Tailoring superelastic and transformation-induced plastic response of shape memory multilayers with wavy architectures
Published in Mechanics of Advanced Materials and Structures, 2023
Multilayers with wavy architectures are found wide-ranging applications in various engineering practices as they can improve certain performance characteristics, such as toughness and thermal stability, or exist naturally in biological tissues to meet certain targeted performances [44–46]. A case in point is the chordae tendinae which are tendons composed of collagen fibers arranged in planar crimped patterns which control the opening and closing of a heart valve.
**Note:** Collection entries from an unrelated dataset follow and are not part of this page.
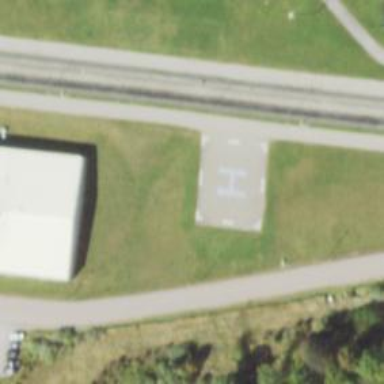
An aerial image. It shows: Image showing helipad at airport.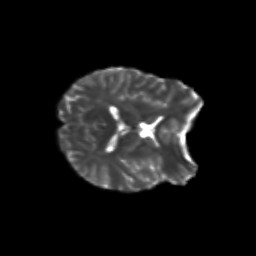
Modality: T2w
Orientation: axial
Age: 28
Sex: female
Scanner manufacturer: siemens
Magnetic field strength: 3 T
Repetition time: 3.5 s
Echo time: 0.104 s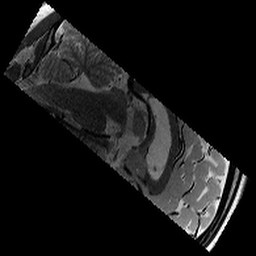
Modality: T2w
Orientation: sagittal
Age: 13
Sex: male
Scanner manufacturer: siemens
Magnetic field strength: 3 T
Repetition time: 8.46 s
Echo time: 0.067 s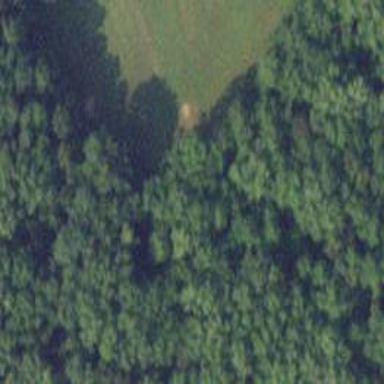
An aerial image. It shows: Disc golf hole.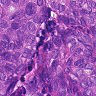
Metastatic tissue present: yes
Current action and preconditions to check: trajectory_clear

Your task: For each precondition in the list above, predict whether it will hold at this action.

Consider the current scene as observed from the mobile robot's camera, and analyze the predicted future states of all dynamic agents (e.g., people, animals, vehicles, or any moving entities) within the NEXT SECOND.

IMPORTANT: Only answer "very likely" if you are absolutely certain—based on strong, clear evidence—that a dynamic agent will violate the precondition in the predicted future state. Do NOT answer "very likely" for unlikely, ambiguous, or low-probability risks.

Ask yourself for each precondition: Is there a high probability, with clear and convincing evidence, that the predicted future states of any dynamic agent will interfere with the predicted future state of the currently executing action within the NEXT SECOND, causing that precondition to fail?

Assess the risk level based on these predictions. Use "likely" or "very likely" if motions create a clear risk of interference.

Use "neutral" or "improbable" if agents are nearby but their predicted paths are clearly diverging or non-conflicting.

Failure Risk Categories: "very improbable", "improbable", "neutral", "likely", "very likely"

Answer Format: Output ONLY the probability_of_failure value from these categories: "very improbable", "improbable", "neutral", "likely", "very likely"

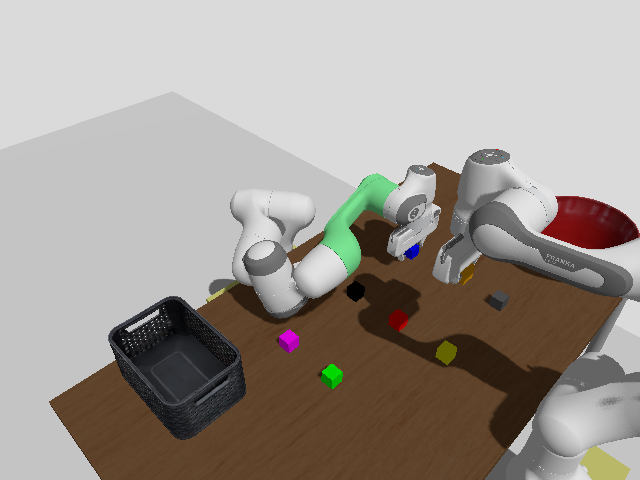

Answer: very improbable
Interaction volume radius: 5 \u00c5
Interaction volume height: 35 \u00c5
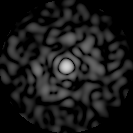
Disorder parameter: 0.7882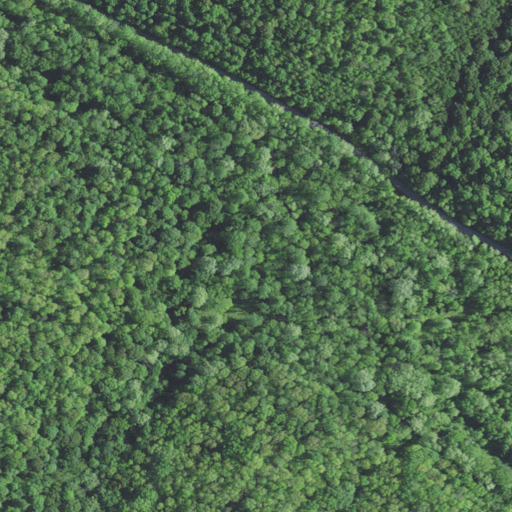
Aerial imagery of valley in Kentucky named Johnson Hollow containing deciduous forest and open development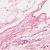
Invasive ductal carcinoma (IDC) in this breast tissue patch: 0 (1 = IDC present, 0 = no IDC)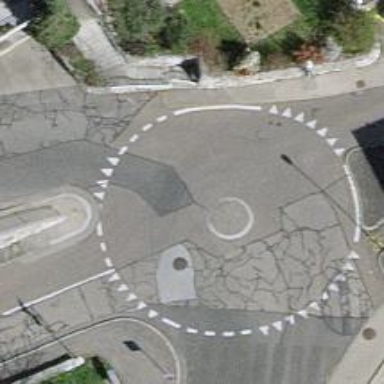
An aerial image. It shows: Mini roundabout on the road.
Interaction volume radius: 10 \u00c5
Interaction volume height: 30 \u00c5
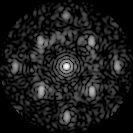
Disorder parameter: 0.4179
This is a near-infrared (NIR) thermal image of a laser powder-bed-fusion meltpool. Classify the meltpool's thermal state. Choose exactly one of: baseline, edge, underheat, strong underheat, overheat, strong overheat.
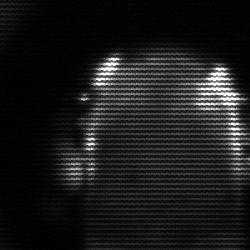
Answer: baseline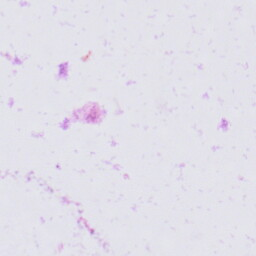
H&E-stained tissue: Prostate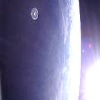
Label: sunburn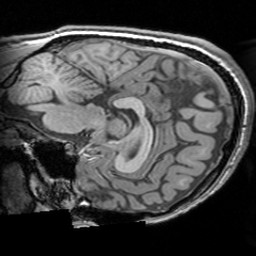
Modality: T1w
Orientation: sagittal
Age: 18
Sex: male
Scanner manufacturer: siemens
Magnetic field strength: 3 T
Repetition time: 1.63 s
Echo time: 0.00311 s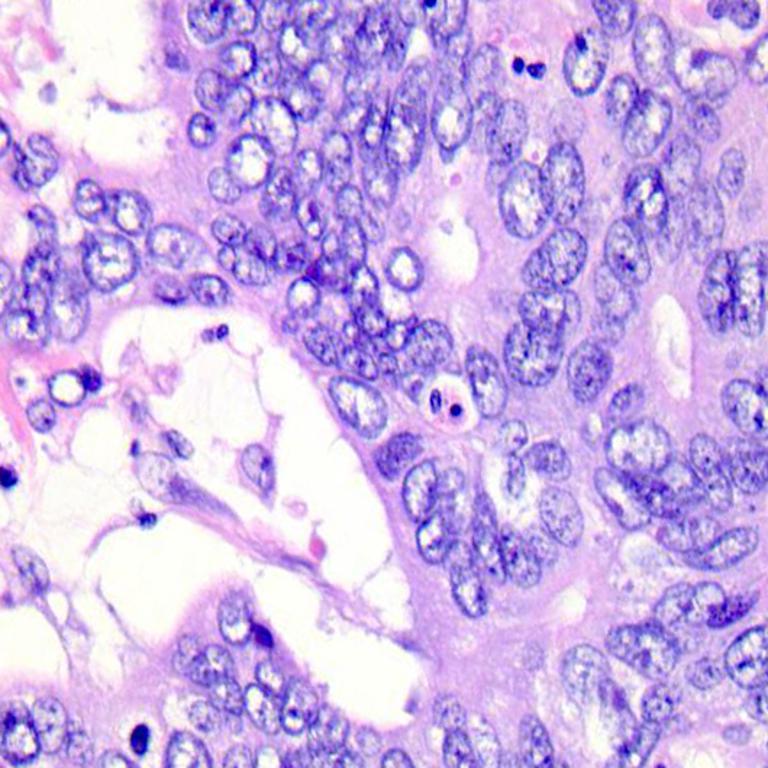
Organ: colon
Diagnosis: adenocarcinomas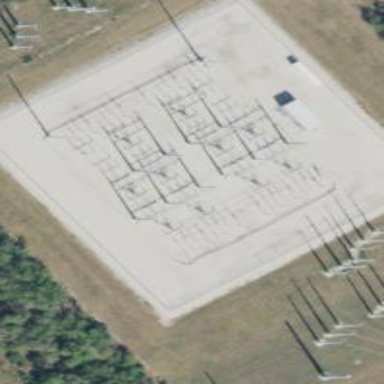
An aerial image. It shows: Switch for power supply.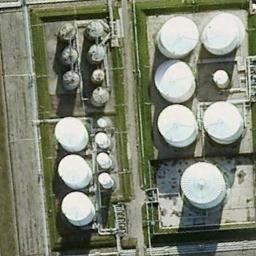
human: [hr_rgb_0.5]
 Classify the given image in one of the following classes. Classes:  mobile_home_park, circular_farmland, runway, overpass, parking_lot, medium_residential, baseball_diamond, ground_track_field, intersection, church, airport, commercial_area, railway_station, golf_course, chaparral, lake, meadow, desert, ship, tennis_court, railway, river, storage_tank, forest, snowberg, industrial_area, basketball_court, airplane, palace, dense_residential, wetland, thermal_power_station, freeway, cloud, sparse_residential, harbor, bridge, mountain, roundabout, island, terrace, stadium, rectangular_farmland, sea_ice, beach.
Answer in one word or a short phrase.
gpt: storage_tank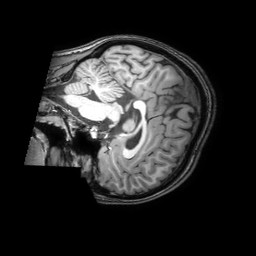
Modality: T1w
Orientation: sagittal
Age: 18
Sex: female
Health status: healthy
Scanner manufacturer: philips
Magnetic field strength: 3 T
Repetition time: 0.0079 s
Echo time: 0.0035 s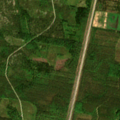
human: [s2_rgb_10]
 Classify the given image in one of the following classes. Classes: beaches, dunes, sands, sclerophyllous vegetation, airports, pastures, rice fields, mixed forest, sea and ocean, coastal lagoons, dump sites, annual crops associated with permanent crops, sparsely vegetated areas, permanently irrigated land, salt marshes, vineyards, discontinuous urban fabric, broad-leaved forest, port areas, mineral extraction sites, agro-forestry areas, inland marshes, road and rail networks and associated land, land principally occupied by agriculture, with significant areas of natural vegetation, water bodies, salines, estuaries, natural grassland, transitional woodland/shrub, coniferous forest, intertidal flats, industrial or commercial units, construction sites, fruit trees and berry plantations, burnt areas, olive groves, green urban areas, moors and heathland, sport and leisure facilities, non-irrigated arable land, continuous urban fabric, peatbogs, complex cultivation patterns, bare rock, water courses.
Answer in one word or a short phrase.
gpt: non-irrigated arable land, coniferous forest, mixed forest, transitional woodland/shrub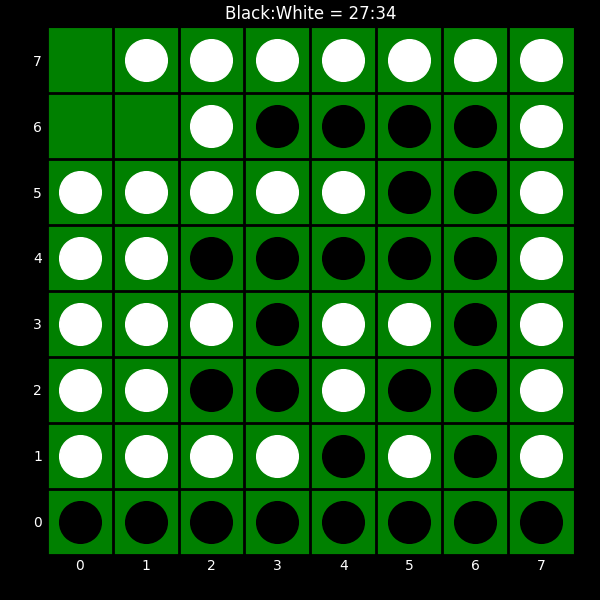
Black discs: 27
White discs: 34

The waviness and layer thickness have been shown to significantly affect the homogenized and localized elastoplastic response of multilayered wavy architectures, as discussed by Khatam and Pindera [47]. To the authors’ best knowledge, there is no reported work that describes the shape memory response and the underpinning mechanisms during the deformation of multilayered wavy architectures. Thus, the current work is motivated to contribute to this subject, which is important in SMA composite design and applications.